WEST POINT — Welcome to the city where livestock in your yard is optional; landscaping is not.
In a somewhat contradictory move, the City Council, which has encouraged livestock ownership and even made it illegal to complain about farm odors and sounds, has now banned residents from keeping non-landscaped front yards.
The new law, approved Tuesday, mandates that residents have shrubbery, cropped lawns or Southwestern-style rock landscaping — not grazing land.
Similar laws have been employed for years by large cities, but the urban varieties of such rules often take the form of nuisance ordinances that require residents to keep their yards weed free.
However, the laws aren't as popular in rural areas where land for grazing may be more desired than rows of daisies, civil-rights attorney Brian Barnard said.

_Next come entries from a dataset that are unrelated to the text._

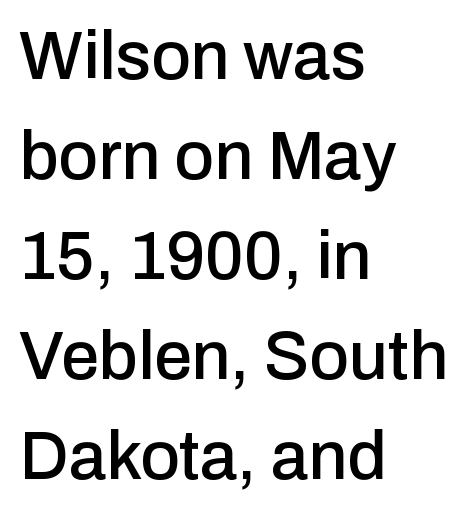
Q: Is the text italic (slanted)? A: No, it is upright.
Q: Is the typeface a serif or a sans-serif typeface? A: Sans-serif.
Q: Is the text underlined? A: No.
Q: How is the paragraph aligned? A: Left-aligned.
Q: Is the spacing between letters normal or unusually wide? A: Normal.
Q: Is the spacing between lines tight, normal or loose? A: Normal.
Q: Width (condensed, normal, or wide)? A: Normal.
Q: Stroke contrast? A: Low.
Q: x-height? A: Medium.
Q: Monospaced? A: No.

"There might be some people in rural areas who are used to pasturing their horse in the front yard that might be offended by it," he said.
The laws aren't unconstitutional, according to Barnard, because they offer folks options between various landscape styles.

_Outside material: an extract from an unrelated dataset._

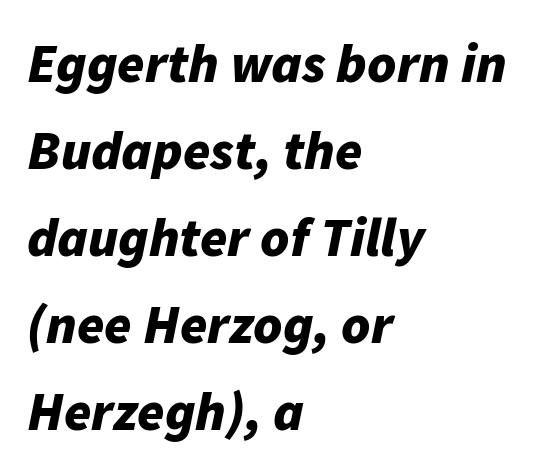
Type without underlining. Notice how the stems are inclined rather than vertical — that's the hallmark of italics. Spacing between characters is what you'd get straight out of the box. Horizontally, the lines are justified to the leading edge only. The face used here has the dense, thick strokes of a bold. Line spacing here is normal.

"They can tell me to have grass, but they aren't going to be dictating to me that I have to have bluegrass as opposed to Bermuda grass," Barnard said.
Before voting for the measure, West Point leaders debated the law, which restricts personal and livestock freedom and forces additional expense on homeowners.

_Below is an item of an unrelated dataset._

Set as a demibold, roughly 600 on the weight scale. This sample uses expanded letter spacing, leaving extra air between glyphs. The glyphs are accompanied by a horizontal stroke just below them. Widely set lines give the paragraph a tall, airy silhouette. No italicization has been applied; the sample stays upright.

There were some complaints from homeowners who said the law handcuffed people who couldn't afford or didn't want landscaping.
In somewhat of a compromise, the council edited the ordinance to exclude a provision requiring a tree in every front yard.
"I think it's stepping over the authority that the local government has to tell people that they have to have a tree in their front yard," Mayor Jay Ritchie said. "That's an improper mandate from local government."
What wasn't improper, the council decided, was forcing folks to have landscaped front yards within a year after they move onto a property.
"There are probably some that think we are putting people in a bind, but you need to budget for that when you build your house," Davis said. "The affordability issue becomes a moot point when you're budgeting a $180,000 to $220,000 home."
Indeed, most homes in West Point are relatively pricey and the council decided that if residents could afford expensive digs they could afford some grass and bushes here and there.
"Our view is that if you can afford to buy a house you need to find a way to landscape, even if all you do is put in grass or boulders," Ritchie said.
What the city doesn't want is huge homes with dirt, mud or a horse pasture in the front yard.
And even Barnard — who often campaigns against government control — agrees the ordinance is a good thing.
"I don't want to live next to a weed pile," he said.